Remembrances of Mr. Newman, the actor and philanthropist who died on Friday at his home in Westport at the age of 83, poured forth around the country on Saturday. But few remembered Mr. Newman the way his friend and neighbor did in Westport, a Fairfield County town of about 26,000.

Mr. Newman and Mr. Hotchner, 91, a playwright, novelist and biographer, had been friends for more than 50 years.

In 1982, they founded Newman’s Own food company. One night just before Christmas in 1980, they made a batch of salad dressing with oil and vinegar. They poured the dressing into wine bottles and then gave them as gifts to their neighbors. “It was a lark,” Mr. Hotchner said, a lark that would turn into Newman’s Own, which has donated all its millions of dollars of profits to charities.

In 1988, Mr. Newman and Mr. Hotchner founded a different sort of enterprise: the Hole in the Wall Gang Camp in Ashford, Conn., a free camp for children with cancer and other life-threatening diseases. One camp grew into other camps, nationally and globally.

The two men first met in the mid-1950s, when Mr. Hotchner adapted an Ernest Hemingway short story, “The Battler,” for television. James Dean was to play the lead, but he had died in a car crash. So the director, Arthur Penn, gave the role to a little-known actor named Paul Newman.

“Paul was an unadorned man,” Mr. Hotchner said. “He was simple and direct and honest and off-center and mischievous, and romantic and very handsome. All of these qualities became the generating force behind him.” He added: “He was the same man in 2008 that he was in 1956 — unchanged, despite all the honors and the movie stardom, not a whisper of a change. And that’s something, the constancy of the man.”

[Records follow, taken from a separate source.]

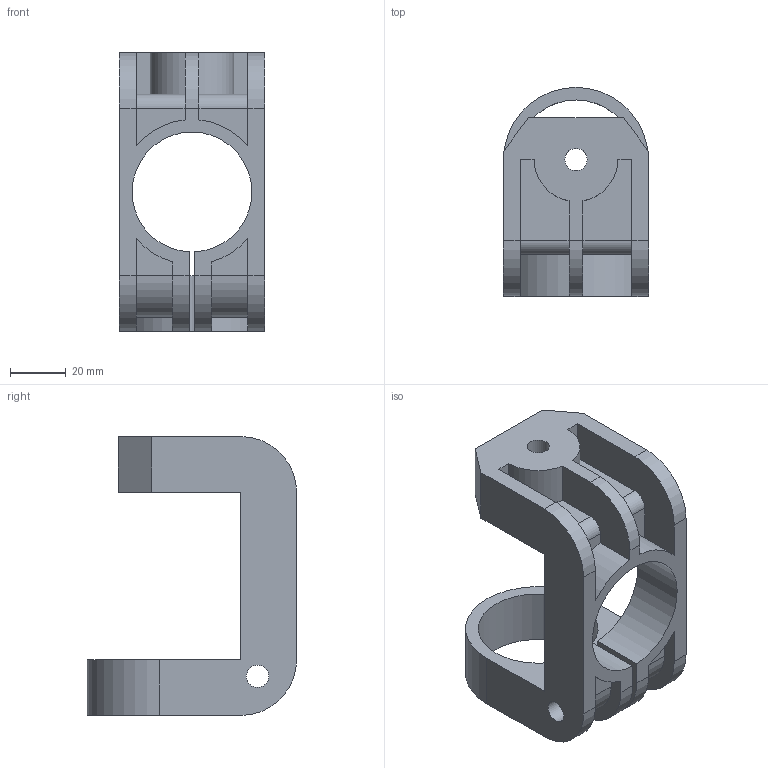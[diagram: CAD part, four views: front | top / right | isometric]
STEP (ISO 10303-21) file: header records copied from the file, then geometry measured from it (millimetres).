
FILE_DESCRIPTION(/* description */ (''),/* implementation_level */ '2;1');
FILE_NAME(/* name */ 'Part 049.stp',/* time_stamp */ '2015-02-21T16:40:22+02:00',/* author */ ('SFC'),/* organization */ (''),/* preprocessor_version */ 'ST-DEVELOPER v15.2',/* originating_system */ 'Autodesk Inventor 2014',/* authorisation */ '');
FILE_SCHEMA (('AUTOMOTIVE_DESIGN { 1 0 10303 214 3 1 1 }'));
Length unit declared in the file: millimetre
Products named in the file (1): Part 049
Bounding box: 52 x 75 x 100 mm (x, y, z)
Volume: 96445.1 mm3; surface area: 34705.9 mm2
Topology: 1 solids, 1 shells, 56 faces, 170 edges, 114 vertices
Faces by surface type: plane 31, cylinder 25
Full cylindrical faces by diameter (mm): 8 x3
Entity records: 1939 total; most frequent: CARTESIAN_POINT 334, ORIENTED_EDGE 330, DIRECTION 329, EDGE_CURVE 165, LINE 115, VECTOR 115, VERTEX_POINT 112, AXIS2_PLACEMENT_3D 107

Mr. Newman was the best man at Mr. Hotchner’s wedding in 1970. When Mr. Hotchner remarried last June, Mr. Newman was the best man again. “He’s the best man in my life, so why wouldn’t he be at my wedding?” he said.

Mr. Hotchner said he last saw Mr. Newman at the actor’s house in Westport a few days ago, when Mr. Newman was losing strength in his battle with cancer. “We didn’t really talk about anything other than some funny things that happened,” Mr. Hotchner said. “As I was leaving, I said, ‘Well, I’ll keep in touch.’ He said, ‘Yeah, it’s been a hell of a ride.’ I guess I’ll always remember that.”